Герой почти не ощущает себя вовне. Мог бы автор поставить его перед зеркалом? Мог бы Глеб (очень привлекательный, догадываемся мы) увидеть, узнать и принять свое отражение — как свой аватар хотя бы, если не себя как такового?.. Нет: без ограничивающих «но» и искупительных «при этом». Неотраженность, непроявленность в жизни — это и есть драматургия героя, его тайна, философия и главная черта характера.

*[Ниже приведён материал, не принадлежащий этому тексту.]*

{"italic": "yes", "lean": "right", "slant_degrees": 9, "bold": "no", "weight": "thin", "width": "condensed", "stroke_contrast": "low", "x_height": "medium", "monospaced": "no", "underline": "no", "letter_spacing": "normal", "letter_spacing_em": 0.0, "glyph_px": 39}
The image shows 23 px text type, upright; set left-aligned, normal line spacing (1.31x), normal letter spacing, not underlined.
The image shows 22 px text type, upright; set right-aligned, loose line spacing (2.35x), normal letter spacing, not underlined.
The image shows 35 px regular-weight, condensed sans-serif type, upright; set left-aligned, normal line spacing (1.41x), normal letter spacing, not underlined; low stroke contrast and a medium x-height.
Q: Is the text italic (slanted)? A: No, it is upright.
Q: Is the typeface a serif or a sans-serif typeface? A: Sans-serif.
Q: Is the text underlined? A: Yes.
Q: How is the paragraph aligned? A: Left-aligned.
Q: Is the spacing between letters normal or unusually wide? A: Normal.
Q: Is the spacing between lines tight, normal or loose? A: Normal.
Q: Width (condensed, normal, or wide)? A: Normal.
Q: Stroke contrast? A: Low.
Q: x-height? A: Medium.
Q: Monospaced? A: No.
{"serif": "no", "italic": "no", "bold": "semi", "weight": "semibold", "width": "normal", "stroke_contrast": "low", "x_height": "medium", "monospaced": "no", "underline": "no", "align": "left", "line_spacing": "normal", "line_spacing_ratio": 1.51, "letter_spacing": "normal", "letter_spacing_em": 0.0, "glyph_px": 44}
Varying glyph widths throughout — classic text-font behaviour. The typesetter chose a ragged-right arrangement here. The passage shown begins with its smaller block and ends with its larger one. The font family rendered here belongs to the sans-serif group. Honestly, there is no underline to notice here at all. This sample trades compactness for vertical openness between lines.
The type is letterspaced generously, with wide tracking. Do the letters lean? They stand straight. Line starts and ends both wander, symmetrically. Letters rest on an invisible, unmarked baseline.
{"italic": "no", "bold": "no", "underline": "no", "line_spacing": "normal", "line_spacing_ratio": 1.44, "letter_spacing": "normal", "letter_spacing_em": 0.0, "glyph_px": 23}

Глеб, хотя жизненная событийность являлась к нему чаще светлой стороной, на самом деле жизни боится. Это кажется невозможным при тотальной (и фатальной) публичности его профессии. Он узнаваем, он видим. Мы охотно верим автору, когда читаем о выступлениях музыканта в огромных залах, о появлении в обществе, в толпе. Но всё же мы героя не видим, потому что он — невидим. Можно и наоборот: он невидим, потому что мы его не видим. Как аудитория, которой Евгений Водолазкин рассказывает историю Глеба Яновского, мы принимаем именно этот факт. Герой скрывает себя и живет душевно, сущностно непроявленно — даже для самых близких. Даже для любящей жены Кати, которая помогает ему быть социально видимым. Его способ непроявленной жизни — от принятых, но не пережитых, ни с кем не разделенных боли и страха. От боли испытать боль. От страха испытать страх.
Глеб не поет в полный голос (piena voce): он, как объясняет этот способ автор, «гудит», помогая пению гитары. Через голос может стать явной его душа, а кто к этому готов?..
Мы узнаем главное о Глебе, складывая пазлы из обрывков его метафорических снов, полисенсорных воспоминаний. Его личная жизненная драматургия, его мировосприятие, конечно, полифоничны. Но эта полифония не целостности, а комплементарности. Она тщательно собирается из интереснейших деталей, важных дополнений, загадочных обрывков. А целое — или главное? — всё равно не сложится. Зеркало разбилось так безнадежно, что отражения героя в нем мы никогда не увидим. Но сможем представить — как далекий райский Брисбен.